Parsing XML Sitemaps in Ruby with Nokogiri

As an SEO of over 10 years, I’m always looking for shortcuts to getting data faster about the website I’m working on. XML sitemaps are one of the easiest ways to collect all the relevant URLs about a site you could want, so it can be a good use of time to explore and extract data from them. I’ve written scripts to collect URLs before but not in Ruby.

we fear change

And since we need to be challenging ourselves as often as possible, I decided to go to familiar territory (comforting) but with unfamiliar tools (challenging): Nokogiri and Ruby (plus Open-URI).

What is an XML Sitemap?

If you’re not familiar, XML sitemaps are files that we use to send URLs to Google in bulk. We point Google to the files using a service called Google Search Console, and Google analyzes the XML files, hopefully crawling the content at the URLs you provided. It’s an important way to have Google discover new content you’ve posted.
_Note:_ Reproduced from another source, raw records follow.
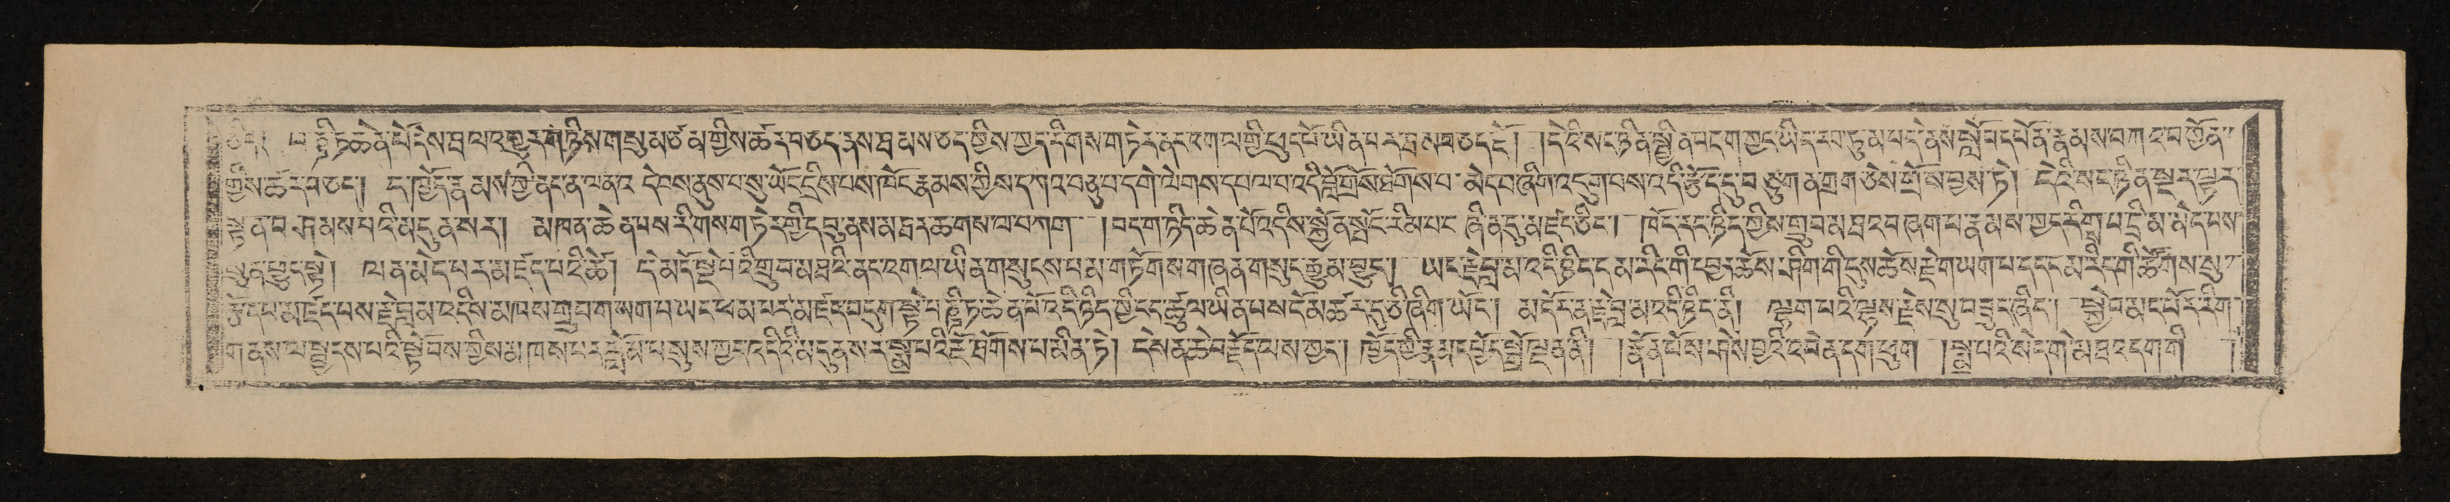ཅིང༑ པཎྜི་ཏ་ཆེན་པོ་དེས་ཐལ་འགྱུར་གཉིས་གསུམ་ཙམ་གྱིས་ཚར་བཅད་ནས་ཐམས་ཅད་ཀྱིས་ཀྱང་རིགས་གཏེར་ནང་འགལ་གྱི་ཕུང་པོ་ཡིན་པར་ཐག་བཅད་དོ། །དེའི་སང་ཉིན་སྦྱིན་བདག་ཀྱང་ཡིད་རབ་ཏུ་མ་བདེ་ནས་སློབ་དཔོན་རྣམས་བཀའ་བཀྱོན་
གྱིས་ཚར་བཅད། ད་ཁྱོད་རྣམས་ཀྱི་ནང་ན་ལན་འདེབས་ནུས་བསུ་ཡོད་དྲིས་པས་ཁོང་རྣམས་ཀྱིས་དཀའ་བཅུ་པ་དགེ་ལེགས་དཔལ་པ་འདི་བློ་གྲོས་ཐོགས་པ་མེད་པ་ཞིག་འདུག་པས་འདི་རྩོད་དུ་བཅུག་ན་གྲག་ཅེས་གྲོས་བྱས་ཏེ། དེའི་སད་ཉིན་སྔར་ལྟར་
སྟན་པ་ཤམས་པའི་མདུན་སར། མཁན་ཆེན་པས་རིགས་གཏེར་གྱི་དབུ་ནས་མཐར་ཆགས་ལ་བཀག །བདག་ཉིད་ཆེན་པོ་འདིས་སྐྱོན་སྤོང་རིམ་པ་བཞིན་དུ་མཛད་ཅིང་། ཁོང་རང་ཉིད་ཀྱིས་གྲུབ་མཐའ་བཞག་པ་རྣམས་ཀྱང་རིགས་པ་དྲི་མ་མེད་པས་
སུན་བྱུང་སྟེ། ལན་མེད་པར་མཛད་པའི་ཚེ། དེ་མདོ་སྡེ་པའི་གྲུབ་མཐའི་ནང་འགལ་ཡིན་གསུངས་པ་མ་གཏོགས་གཞན་གསུང་རྒྱུ་མ་བྱུང་། ཡང་རྗེ་བླ་མ་འདི་ཉིད་དམ་རིང་གི་དབྱར་ཆོས་ཤིག་གི་དུས་ཆོས་རྗེ་གཡག་པ་དང་ངམ་རིང་གི་ཚོགས་སུ་
རྩོད་པ་མཛད་པས་རྗེ་བླ་མ་འདིས་མཁས་གྲུབ་གཡག་པ་ཡང་ཕམ་པར་མཛད་འདུག་སྟེ་པཎྜི་ཏ་ཆེན་པོ་འདི་ཉིད་ཀྱི་ངང་ཚུལ་ཡིན་པས་ངོ་མཚར་དུ་ཅི་ཞིག་ཡོད། མདོར་ན་རྗེ་བླ་མ་འདི་ཉིད་ནི། ལྷག་པའི་ལྷས་རྗེས་སུ་བཟུང་ཞིང་། སྐྱེ་བ་མང་པོར་རིག་
གནས་ལ་སྤྱངས་པའི་སྟོབས་ཀྱིས་མཁས་པར་རློམ་པ་སུས་ཀྱང་འདིའི་མདུན་ཐར་སྨྲ་བའི་རྡོ་ཐོགས་པ་མིན་ཏེ། དེས་ན་ཆེ་བརྗོད་ལས་ཀྱང་། ཁྱོད་ཀྱི་རྣམ་དཔྱོད་སྒྲོ་ལྡན་ནི། །རྣོན་པོས་ཤེས་བྱའི་འབེན་དག་ཕུག །སྨྲ་བའི་སེང་གེ་མཐའ་དག་གི །

There are some limitations to XML sitemaps, too. Each file is only allowed to contain a maximum of 50,000 URLs (Google ignores the rest), so sometimes you’ll need a sitemap index - a sitemap of sitemaps. A sitemap index is what we are starting with here, and the goal is to extract a list of all the URLs of the child sitemaps. In this case, there was an additional hurdle in that those files were gzipped and would have to be unzipped before the extraction of URLs could start.
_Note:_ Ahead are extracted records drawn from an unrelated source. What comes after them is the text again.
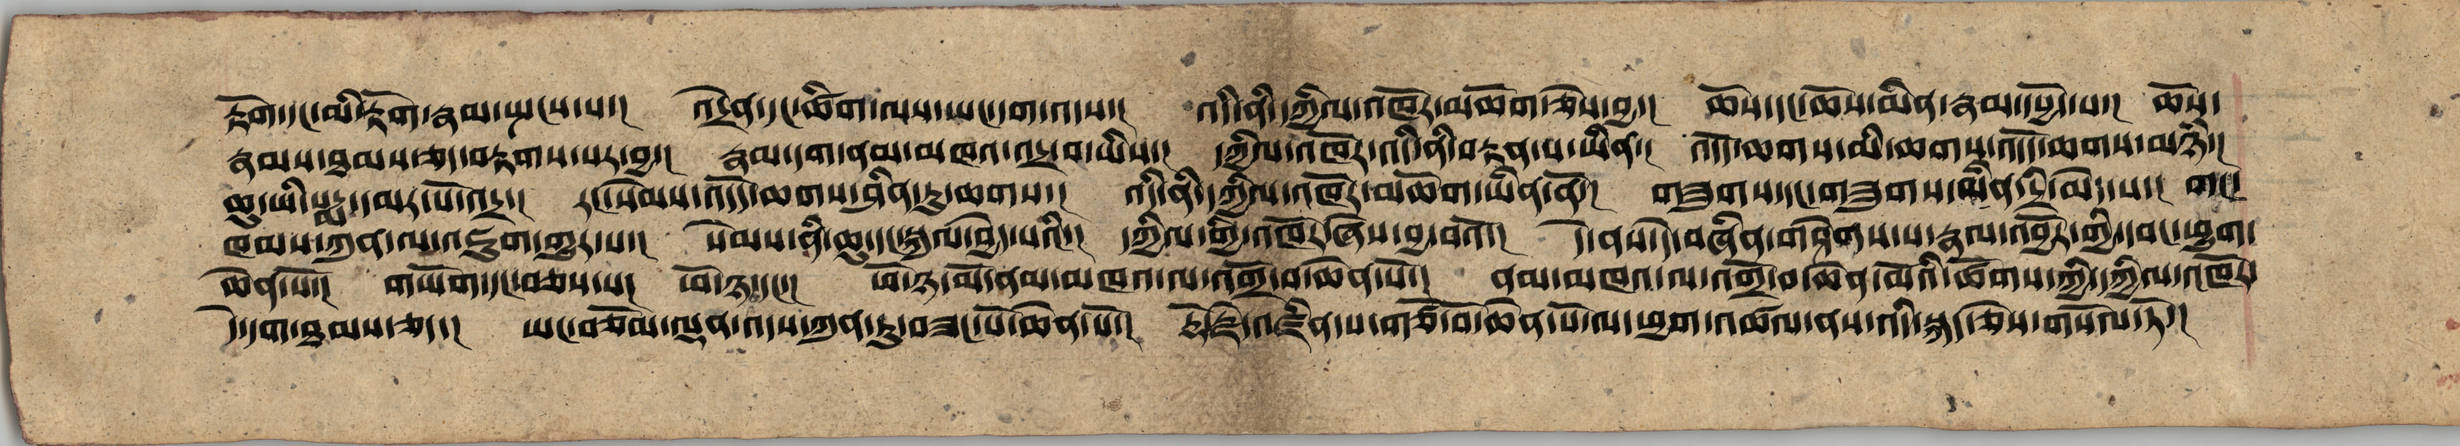རྟོག་དང་མི་རྟོག་རྣམ་སྤངས་པ་། འདྲེན་དང་ཚིག་ལས་ཡང་དག་འདས་། འདི་ནི་དཀྱིལ་འཁོར་མཆོག་ཅེས་བྱ་། ཆོས་དང་ཆོས་མིན་རྣམ་དཔྱོད་པ་། ཆོས་
རྣམས་ཐམས་ཅད་བརྟགས་པར་བྱ་། རྣམ་དག་ནམ་མཁའ་འདྲ་བ་ཡིས་། དཀྱིལ་འཁོར་འདི་ནི་བརྟན་པ་ཡིན་། འདོད་ཆགས་མི་ཆགས་འདོད་ཆགས་མཉཾ་།
ཆུ་ཡི་པདྨ་དམར་པོ་འདྲ་། རང་སམེས་འདོད་ཆགས་ཤིན་ཏུ་ཆགས་། འདི་ནི་དཀྱིལ་འཁོར་མཆོག་ཡིན་ནོ་། གཟུགས་དང་གཟུགས་མིན་དྲི་མེད་པ་། གང་
ཁམས་ཀུན་ལ་འཇུག་གྱུར་པ་། སེམས་ནི་ཆུ་དང་སྐུལ་བྱེད་པའི་། དཀྱིལ་གྱི་འཁོར་ཞེས་བྱ་བའོ་། དེ་ནས་དེ་བཞིན་གཤེགས་པ་རྣལ་འབྱོར་གྱི་དབང་ཕྱུག་
ཆེན་པོ་། གཡོག་དང་བཅས་པ། ཕོ་ཉ་དང་། ཕོ་ཉ་མོ་ནམ་མཁའ་ལ་འགྲོ་བ་ཆེན་པོ་། ནམ་མཁའ་ལ་འགྲོ་བ་ཆེན་མོའི་ཚོགས་ཀྱི་དཀྱིལ་འཁོར་
དེ་དག་ཐམས་ཅད་། ཡང་བཅོམ་ལྡན་འདས་ཀུན་ཏུ་བཟང་པོ་ཆེན་པོ་། རྡོ་རྗེ་འཛིན་པ་གཙོ་བོ་ཆེན་པོ་ལ་ཕྱག་འཚལ་ནས་འདི་སྐད་ཅེས་གསོལ་ཏོ་།

Reading Documentation Can Be a Shock

Nokogiri has a fearful number of object types

I have to say here that I spent a lot more time than I thought I would poring over documentation, going back to terminal, jumping back to documentation, ad infinitum, ad nauseam. I didn’t understand the object relationships between Nokogiri’s object classes, so I Google’d. A lot. I also spent a bunch of time just trying things out in IRB sessions to see what would happen. I didn’t know what else I should do. It seems to me this is something to improve upon to reduce the time it takes to implement code for an unfamiliar tool.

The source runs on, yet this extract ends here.